* [Stored data]:

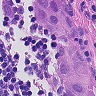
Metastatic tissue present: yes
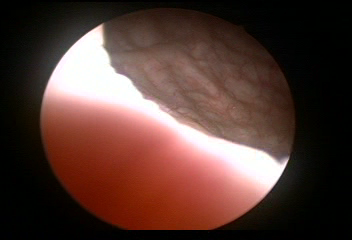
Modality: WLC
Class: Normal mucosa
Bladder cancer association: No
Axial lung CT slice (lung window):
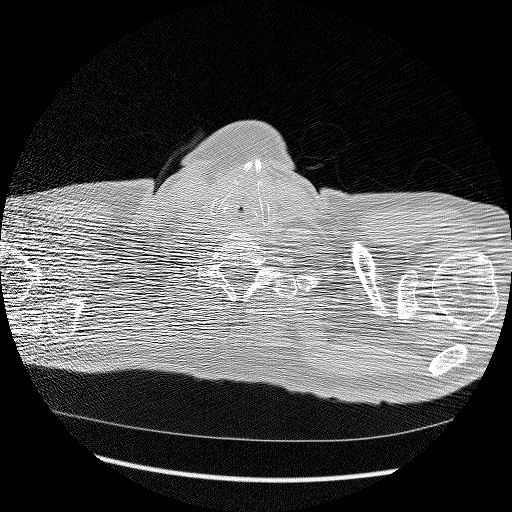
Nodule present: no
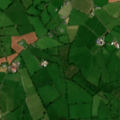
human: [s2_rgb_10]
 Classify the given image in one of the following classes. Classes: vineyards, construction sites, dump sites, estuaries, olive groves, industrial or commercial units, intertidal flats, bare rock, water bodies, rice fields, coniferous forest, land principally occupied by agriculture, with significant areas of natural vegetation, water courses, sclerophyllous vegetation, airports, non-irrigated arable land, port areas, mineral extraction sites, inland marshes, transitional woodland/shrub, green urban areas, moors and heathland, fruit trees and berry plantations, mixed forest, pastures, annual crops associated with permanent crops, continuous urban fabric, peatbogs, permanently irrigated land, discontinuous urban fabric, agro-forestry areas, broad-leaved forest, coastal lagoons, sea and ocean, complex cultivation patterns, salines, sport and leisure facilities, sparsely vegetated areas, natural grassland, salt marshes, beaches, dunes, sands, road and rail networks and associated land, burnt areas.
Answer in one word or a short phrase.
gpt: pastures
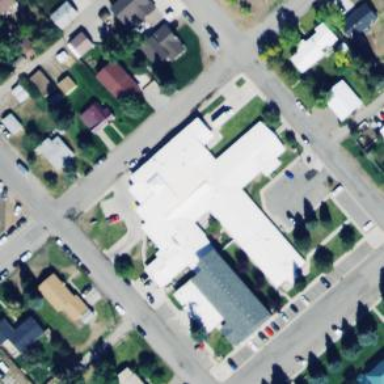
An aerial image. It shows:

---

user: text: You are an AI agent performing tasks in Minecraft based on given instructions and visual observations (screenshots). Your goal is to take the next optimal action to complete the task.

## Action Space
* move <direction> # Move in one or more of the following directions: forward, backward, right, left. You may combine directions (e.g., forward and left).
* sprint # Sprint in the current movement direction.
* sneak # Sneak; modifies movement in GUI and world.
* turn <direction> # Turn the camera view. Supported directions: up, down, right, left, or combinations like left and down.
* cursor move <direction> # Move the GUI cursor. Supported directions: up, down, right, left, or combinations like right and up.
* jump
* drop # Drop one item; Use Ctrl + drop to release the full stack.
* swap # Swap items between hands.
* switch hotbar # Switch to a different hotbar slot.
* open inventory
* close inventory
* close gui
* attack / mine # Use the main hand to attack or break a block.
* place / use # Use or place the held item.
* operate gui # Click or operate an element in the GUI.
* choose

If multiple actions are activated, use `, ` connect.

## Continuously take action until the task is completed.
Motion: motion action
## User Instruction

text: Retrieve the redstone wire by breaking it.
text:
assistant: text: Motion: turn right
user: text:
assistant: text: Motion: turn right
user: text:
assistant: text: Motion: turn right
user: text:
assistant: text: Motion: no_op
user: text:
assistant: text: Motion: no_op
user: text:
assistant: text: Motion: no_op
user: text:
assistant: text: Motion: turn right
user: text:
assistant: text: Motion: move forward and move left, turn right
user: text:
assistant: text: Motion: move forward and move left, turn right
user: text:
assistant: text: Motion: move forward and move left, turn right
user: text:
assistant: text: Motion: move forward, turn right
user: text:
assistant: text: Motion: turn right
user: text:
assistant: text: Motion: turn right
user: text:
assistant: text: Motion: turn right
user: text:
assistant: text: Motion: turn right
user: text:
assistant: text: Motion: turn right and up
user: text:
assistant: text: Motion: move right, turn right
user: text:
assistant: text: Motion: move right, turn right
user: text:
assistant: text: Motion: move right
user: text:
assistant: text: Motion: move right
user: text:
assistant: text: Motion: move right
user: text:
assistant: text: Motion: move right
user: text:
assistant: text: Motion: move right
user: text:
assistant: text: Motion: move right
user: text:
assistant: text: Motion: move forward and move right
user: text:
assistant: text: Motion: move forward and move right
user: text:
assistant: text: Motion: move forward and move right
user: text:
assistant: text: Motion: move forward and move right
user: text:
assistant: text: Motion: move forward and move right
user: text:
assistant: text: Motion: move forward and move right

* [Work item]: Using the entries above, extract exactly the lines from the one that contains "Axial lung CT" through the one that contains "human: [s2_rgb_10]". Do not carry over any pictures.

* [Your response]:
Axial lung CT slice (lung window):
Nodule present: no
human: [s2_rgb_10]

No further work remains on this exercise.